Running a 32-bit operating system on 64-bit hardware is still pretty common. And this problem afflicts ARM as well.

jergason · on April 6, 2012

This is really disappointing. I was hoping to do some stuff with Go on ARM, but it looks like they are not too concerned about this bug.

luser001 · on April 6, 2012

I would run a 32-bit OS (even if the hardware supported 64-bit) if I wanted to squeeze every last bit of usable memory out of a VPS.

derleth · on April 6, 2012

This sounds like precisely the use-case for x32: Running userland programs that only use 32-bit pointers on x86-64 bit hardware in 64-bit mode; you only get to address 4GB of RAM, but your pointers fit two to a register and you have all the x86-64 registers, opcodes, and special hardware.

Sadly, it isn't here yet.

https://sites.google.com/site/x32abi/

http://en.wikipedia.org/wiki/X32_ABI

(To forestall the obvious objection: No, there's no way Torvalds will allow this to re-introduce the 2038 Problem into a new ABI. None.)

Aissen · on April 6, 2012

x32 has been accepted(and merged) for Linux 3.4. Kernel support is here, now it's userspace's turn.

riobard · on April 6, 2012

This is what I thought.

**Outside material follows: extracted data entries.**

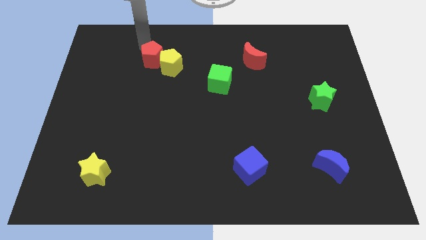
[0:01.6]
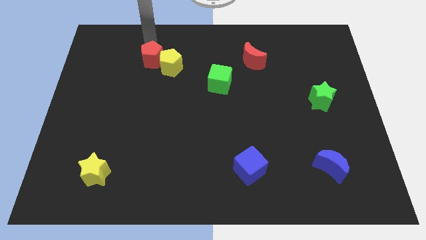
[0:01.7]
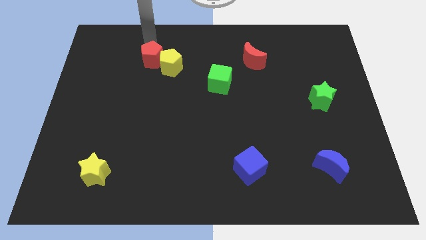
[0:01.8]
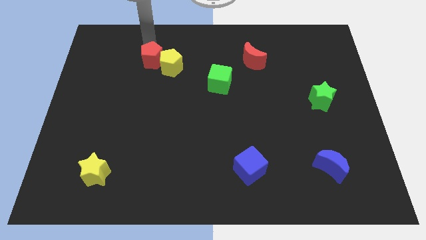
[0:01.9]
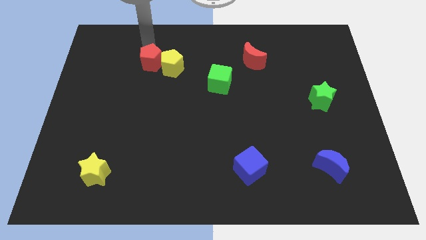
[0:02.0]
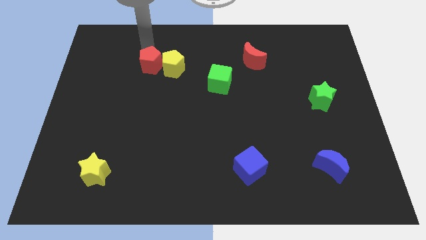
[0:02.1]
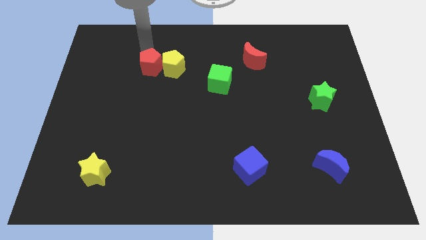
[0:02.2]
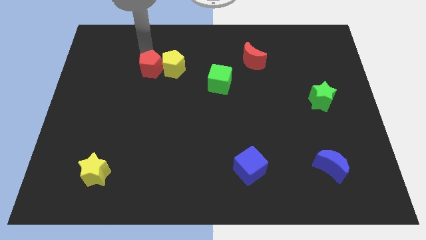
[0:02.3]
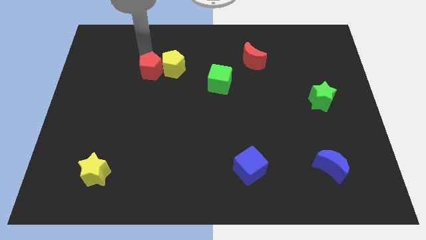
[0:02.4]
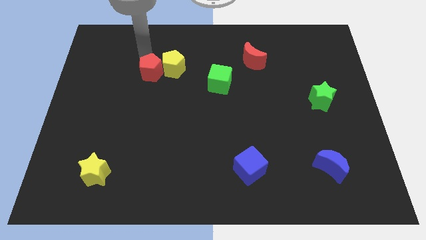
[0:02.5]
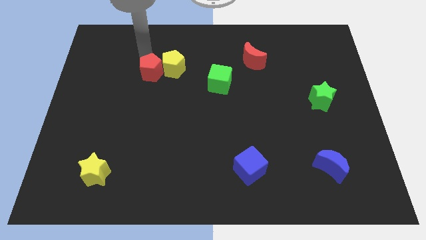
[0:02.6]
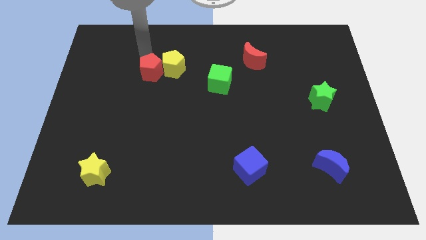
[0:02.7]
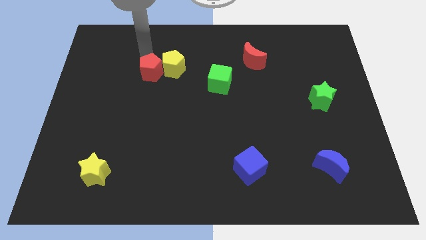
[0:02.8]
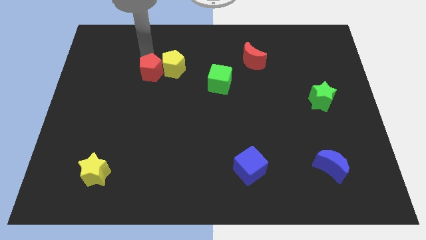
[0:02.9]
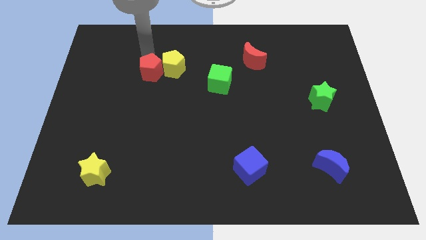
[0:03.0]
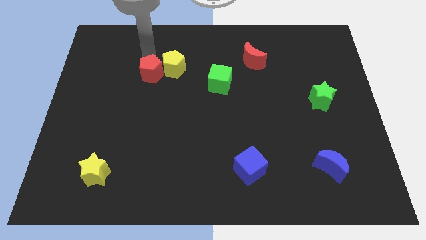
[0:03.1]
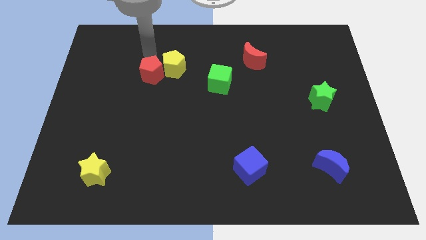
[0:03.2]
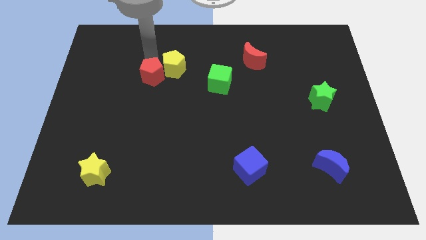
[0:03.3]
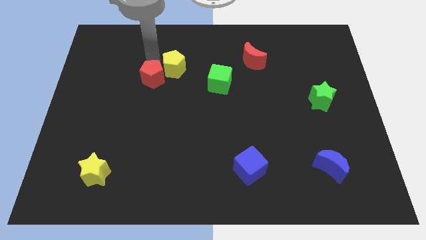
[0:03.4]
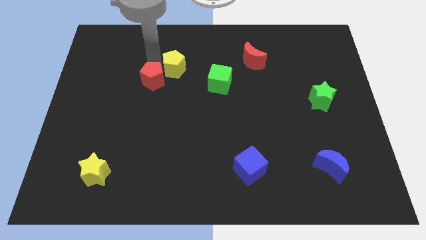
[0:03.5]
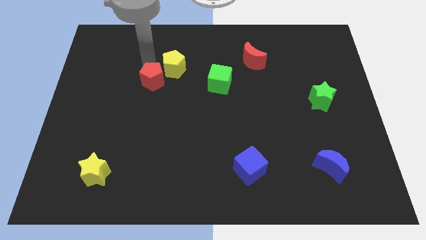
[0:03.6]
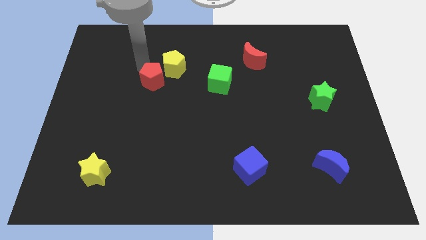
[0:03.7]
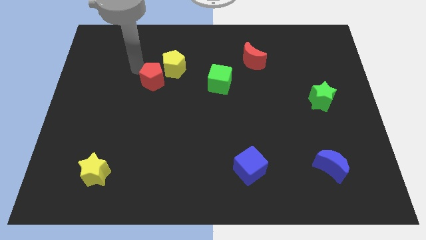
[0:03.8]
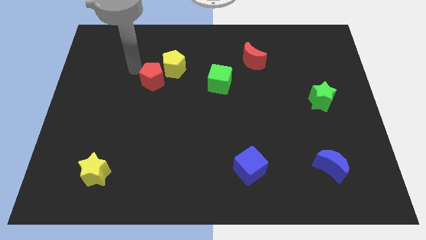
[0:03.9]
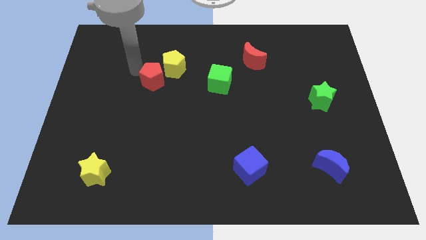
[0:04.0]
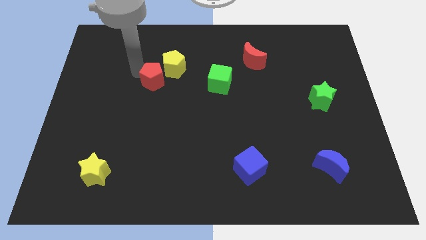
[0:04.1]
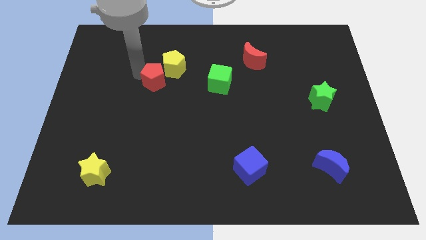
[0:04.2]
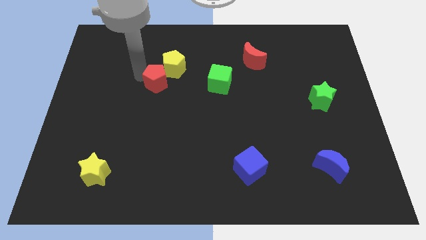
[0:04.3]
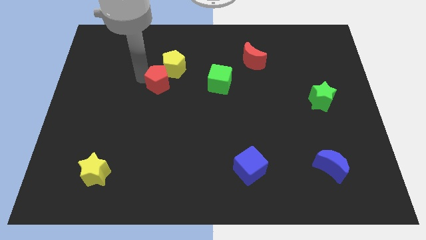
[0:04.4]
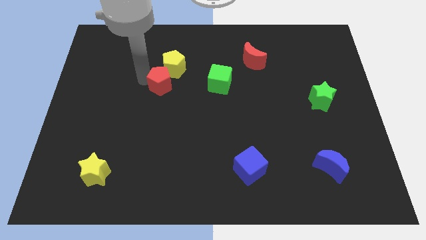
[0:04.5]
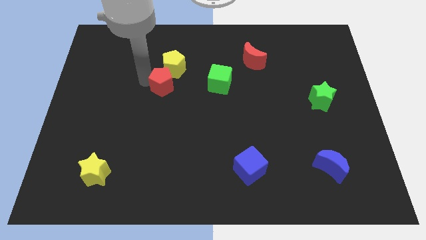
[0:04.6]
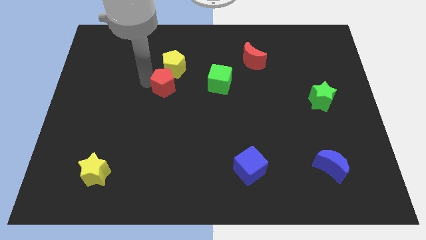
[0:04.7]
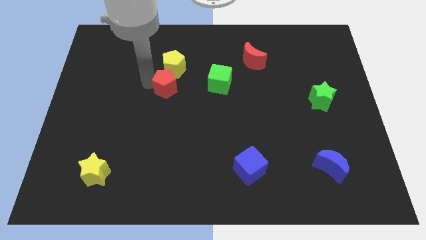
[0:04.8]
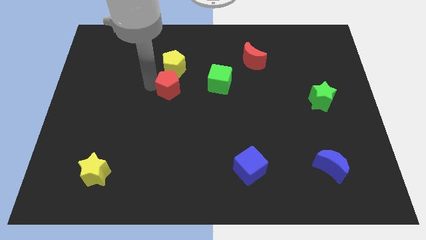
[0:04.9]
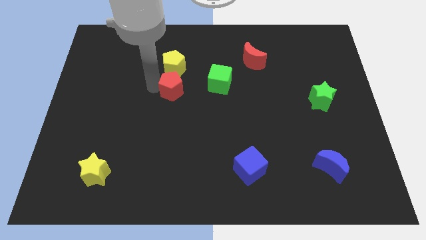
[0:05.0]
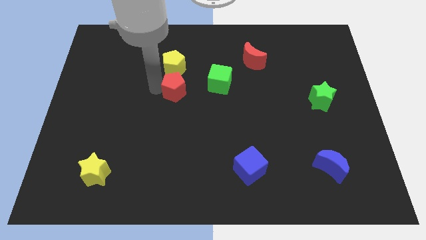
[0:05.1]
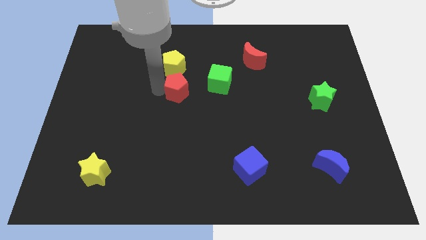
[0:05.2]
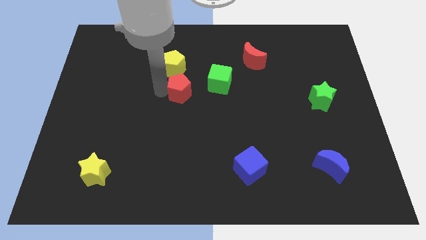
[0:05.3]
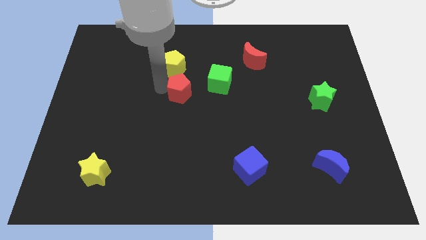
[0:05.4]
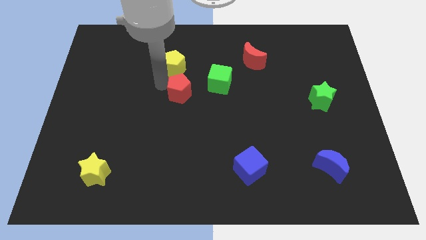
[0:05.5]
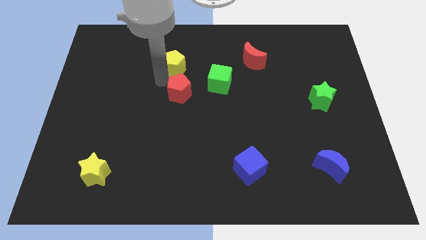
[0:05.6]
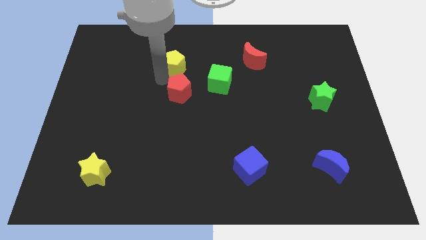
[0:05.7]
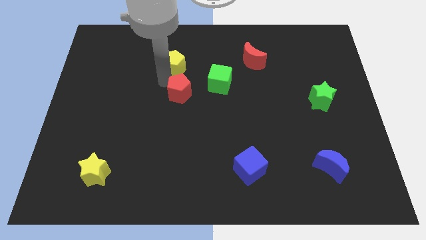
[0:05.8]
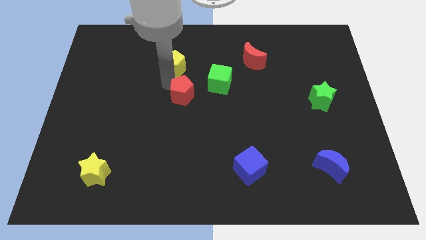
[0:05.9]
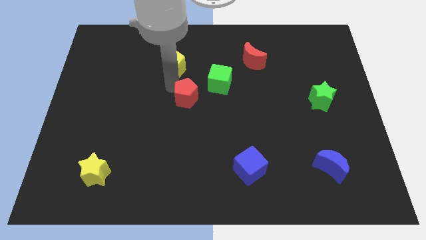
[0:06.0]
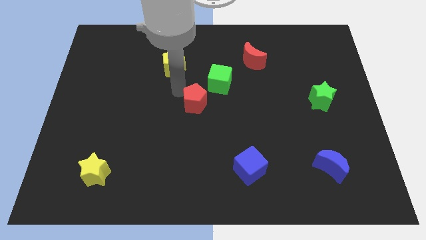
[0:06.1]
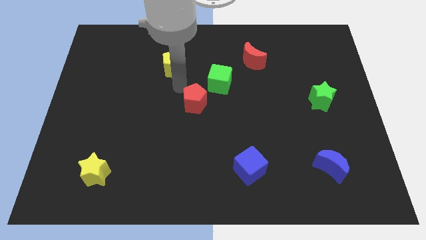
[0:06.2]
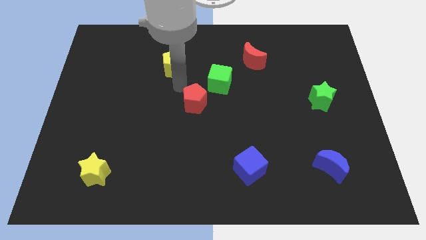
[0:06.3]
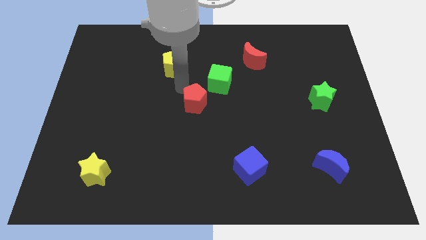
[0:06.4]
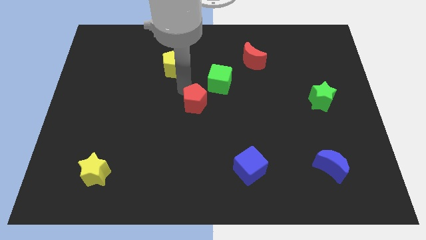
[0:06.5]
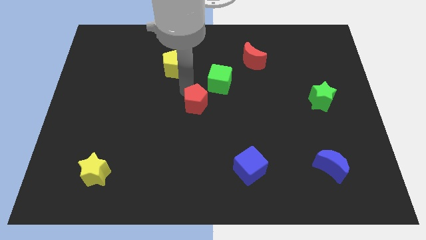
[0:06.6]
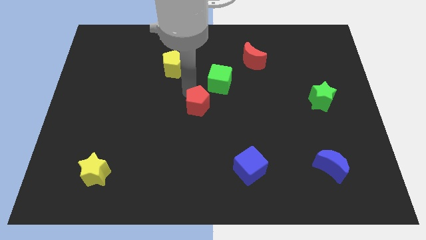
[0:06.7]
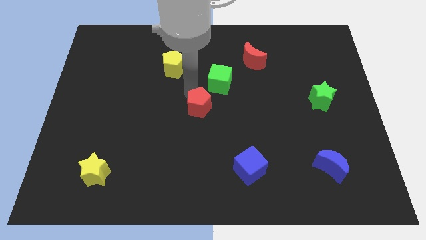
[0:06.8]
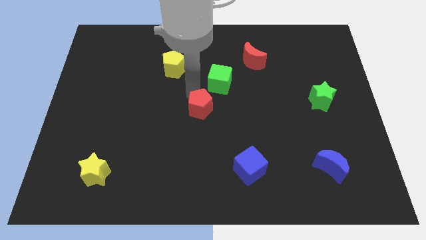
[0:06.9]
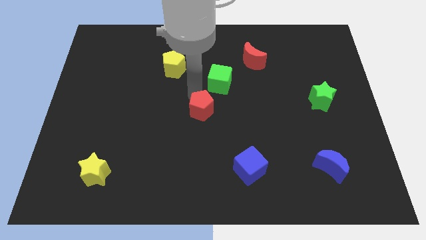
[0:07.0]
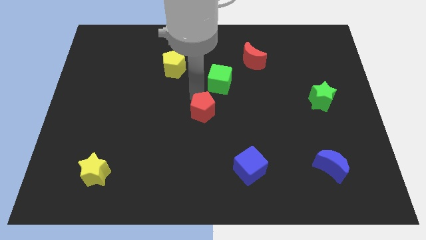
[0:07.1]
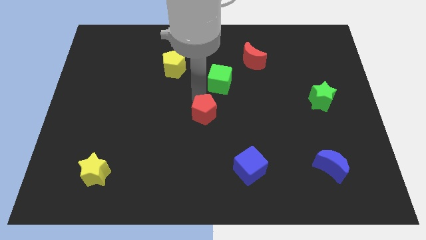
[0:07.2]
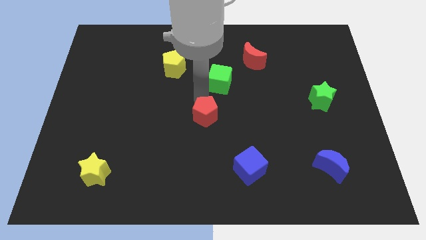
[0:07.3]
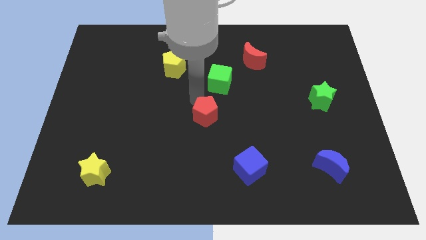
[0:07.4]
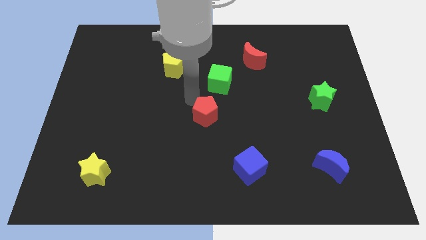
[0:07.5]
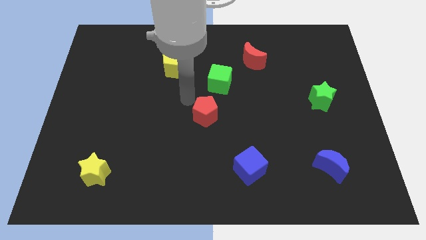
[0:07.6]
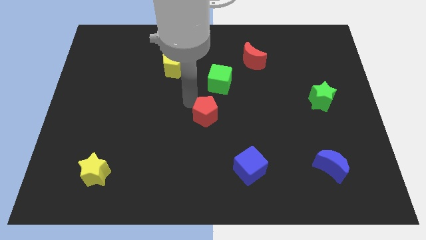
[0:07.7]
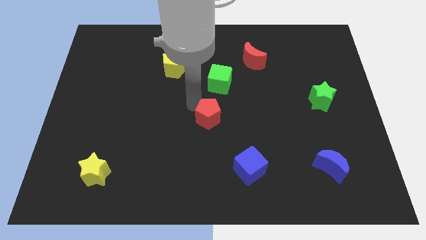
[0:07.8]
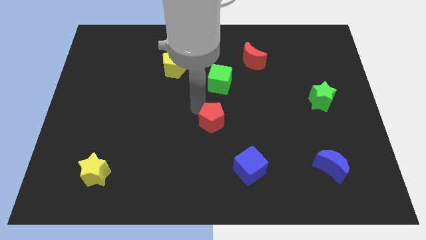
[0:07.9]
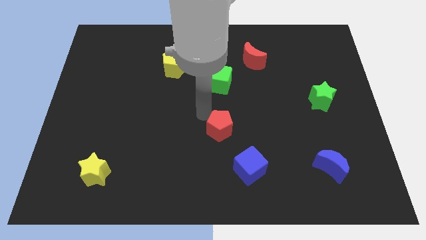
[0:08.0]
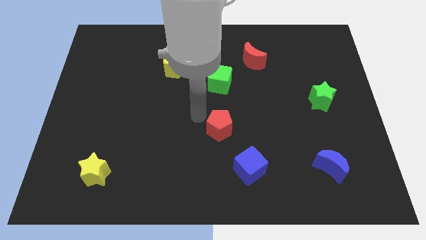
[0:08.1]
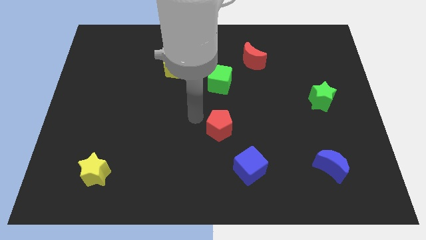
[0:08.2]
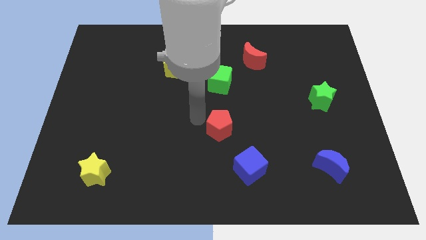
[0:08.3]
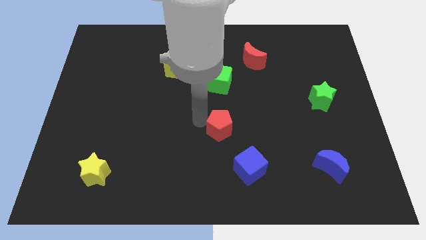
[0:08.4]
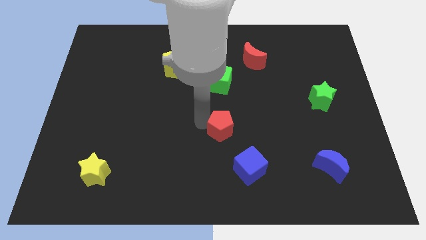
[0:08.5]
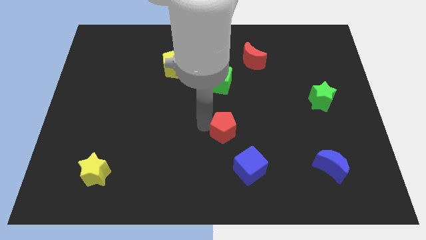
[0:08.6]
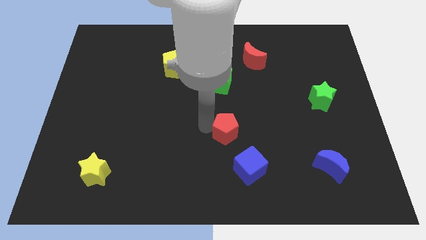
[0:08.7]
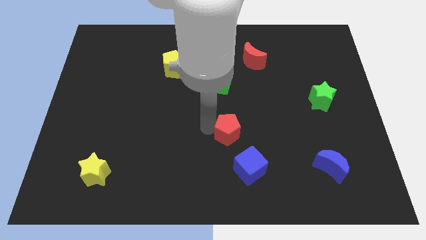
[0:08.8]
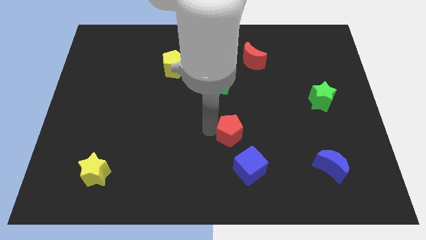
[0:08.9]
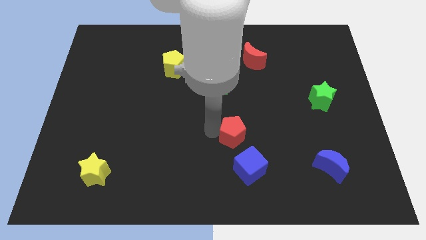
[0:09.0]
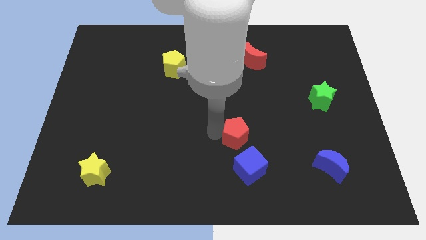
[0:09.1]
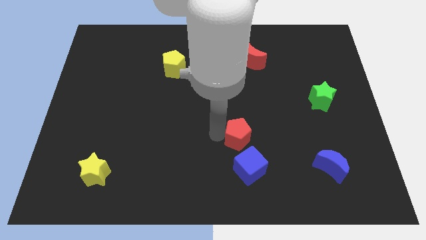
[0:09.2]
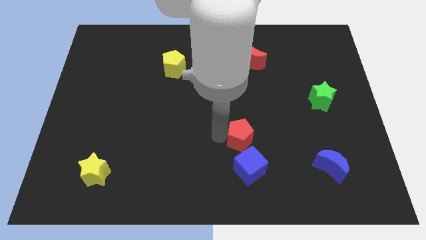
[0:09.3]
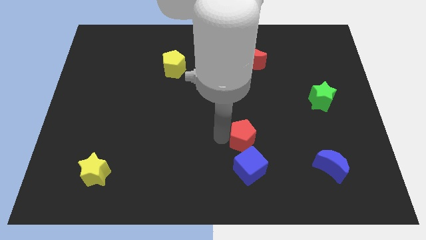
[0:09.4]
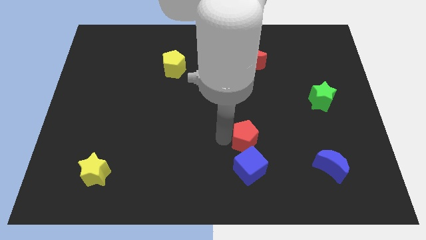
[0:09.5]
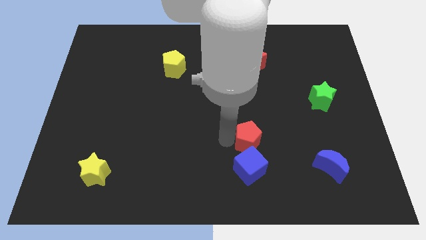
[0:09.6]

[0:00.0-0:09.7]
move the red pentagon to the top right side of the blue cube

Go is primarily targeted at server-side applications, which are almost exclusively running on 64bit hardware/OS. Memory is so cheap now that it's silly not to have more than 16GB plugged in the chasis.

Then I realized there are many small VPS/EC2 instances with <1GB memory (I have two right now running on 64bit) and there are people who try to squeeze every last bit out of them by going 32bit...

Avshalom · on April 6, 2012

I addition to arm and 32bit OSs, you're going to run into a lot of 32 bit hardware if you try to distribute a program written in Go to the masses (or at all really). I'm using some now.

masklinn · on April 6, 2012

Yeah, who's ever heard of those ARM things?